James’s four siblings included William James, the famous psychologist with a penchant for psychics. Henry’s literary influences included invitation-only audiences with George Sands and a London-playwright phase with Oscar Wilde.
The Master strolls between key events in Henry’s life that permeate his novels. He lived abroad, writing about the upper crust writers and artists he mingled with in Florence, Paris and London. The powerful theme of the unspoken dominates his fiction.
James loved and abandoned two women at critical junctures. After her death, his spirited cousin Minny inspired Daisy Miller and Portrait of a Lady. She was his hidden self, “the part he guarded most fiercely.” Novelist Constance Woolson was his closest friend, yet he turned his back on her, “retreating into the locked room” before she committed suicide. James grieved, but their deaths made him feel safe. His astute analysis about other people did not extend to self-scrutiny.

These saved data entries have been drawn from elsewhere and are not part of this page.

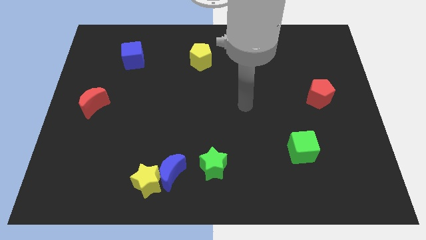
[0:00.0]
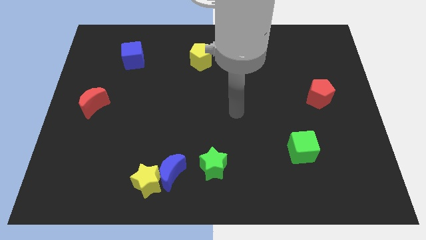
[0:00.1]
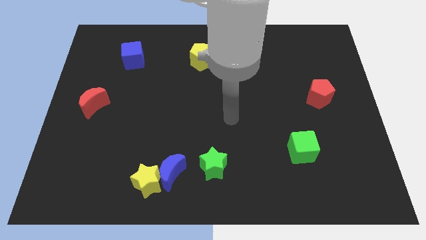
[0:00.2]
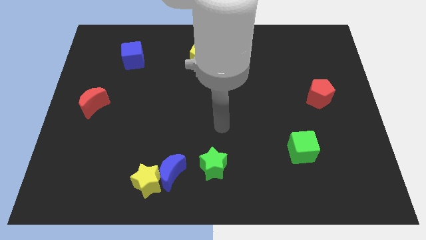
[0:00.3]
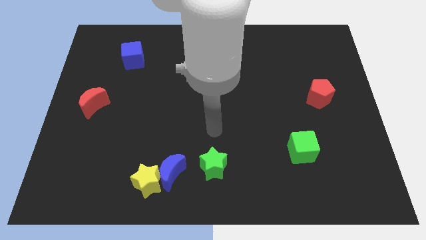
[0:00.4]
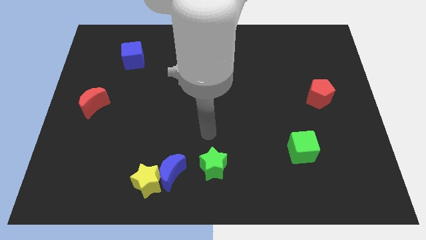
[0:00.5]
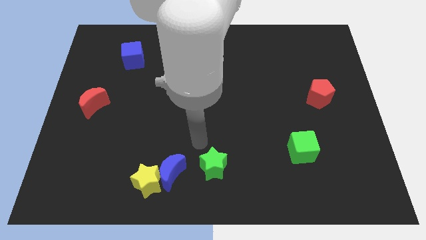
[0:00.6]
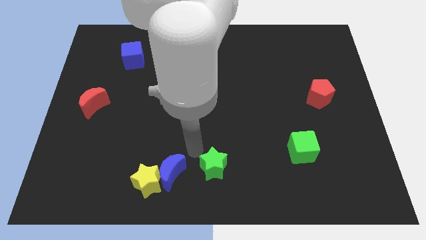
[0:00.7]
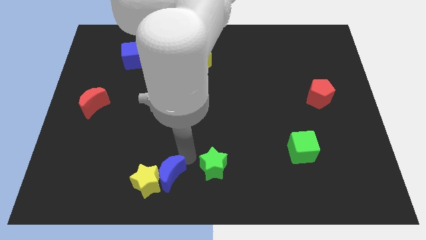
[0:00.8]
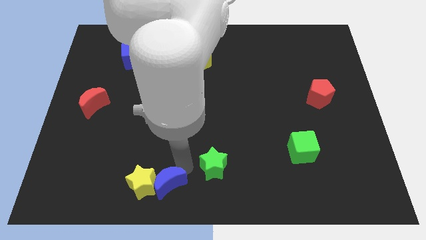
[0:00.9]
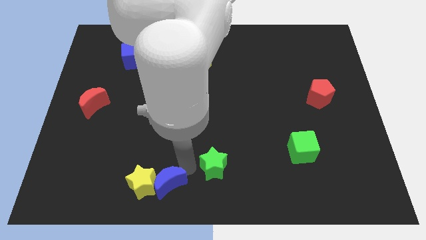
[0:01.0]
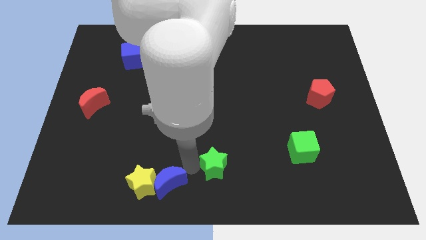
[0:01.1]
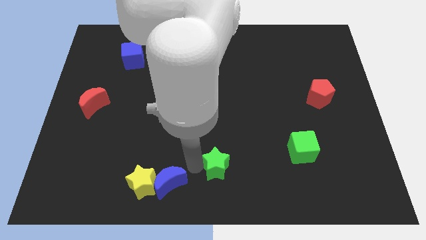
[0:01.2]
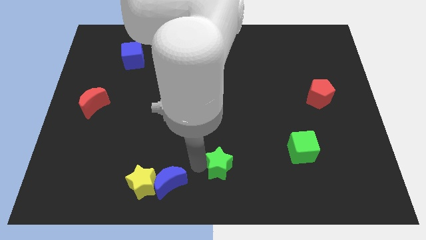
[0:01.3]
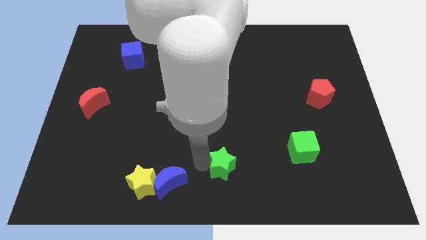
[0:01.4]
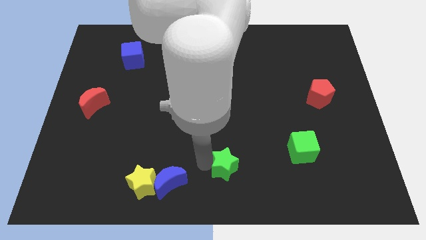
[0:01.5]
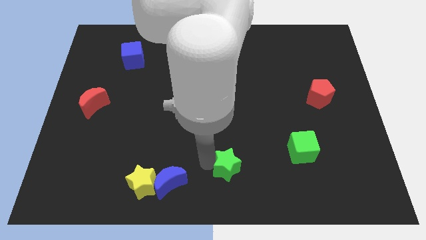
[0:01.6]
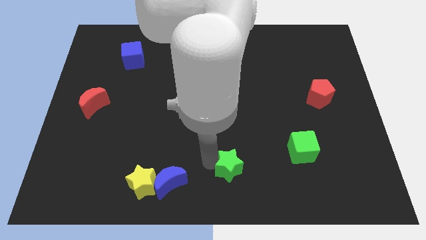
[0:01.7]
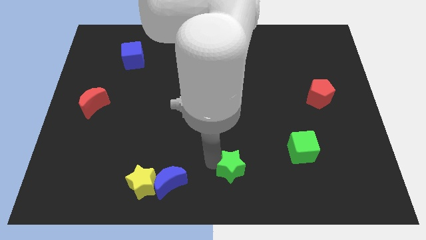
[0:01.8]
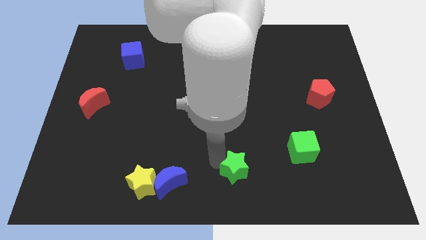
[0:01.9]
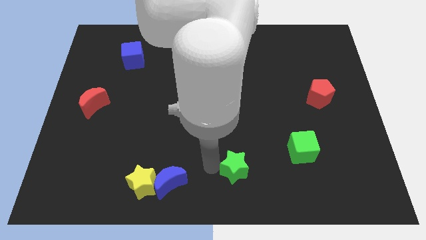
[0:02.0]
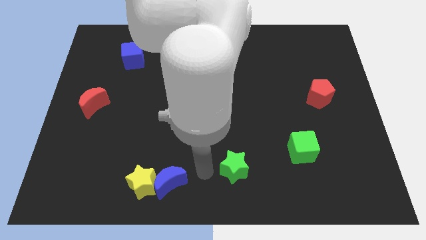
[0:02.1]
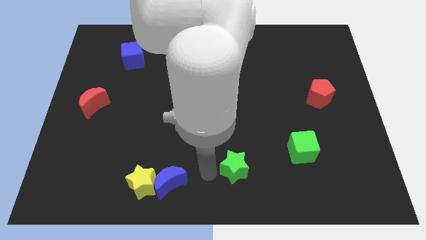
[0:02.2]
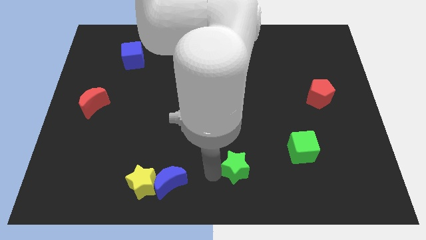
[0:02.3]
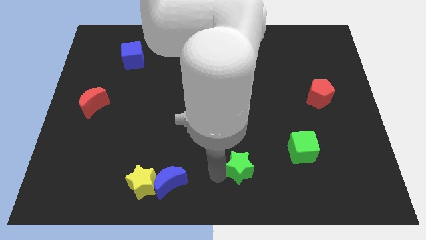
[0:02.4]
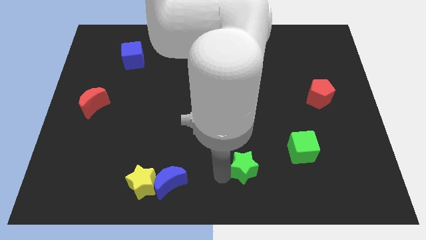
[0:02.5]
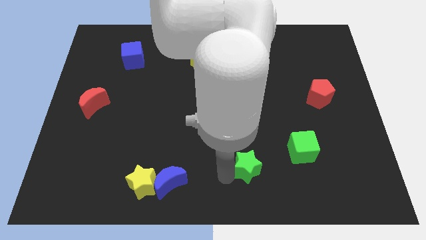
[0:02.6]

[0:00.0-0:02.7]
move the green star a little bit right

James lived in “the shadowed corners, and all the other rooms from whose windows he had observed the world, so they could be remembered and captured and held.” A privileged gentleman who could have led a dilettante’s life of leisure, James chose rigorous discipline to support himself and published a book every year until his death.
— Mara Thygeson
Snow, a novel by Orhan Pamuk. Knopf, 2004. Hardcover, $26. 2004 New York Times Notable Book.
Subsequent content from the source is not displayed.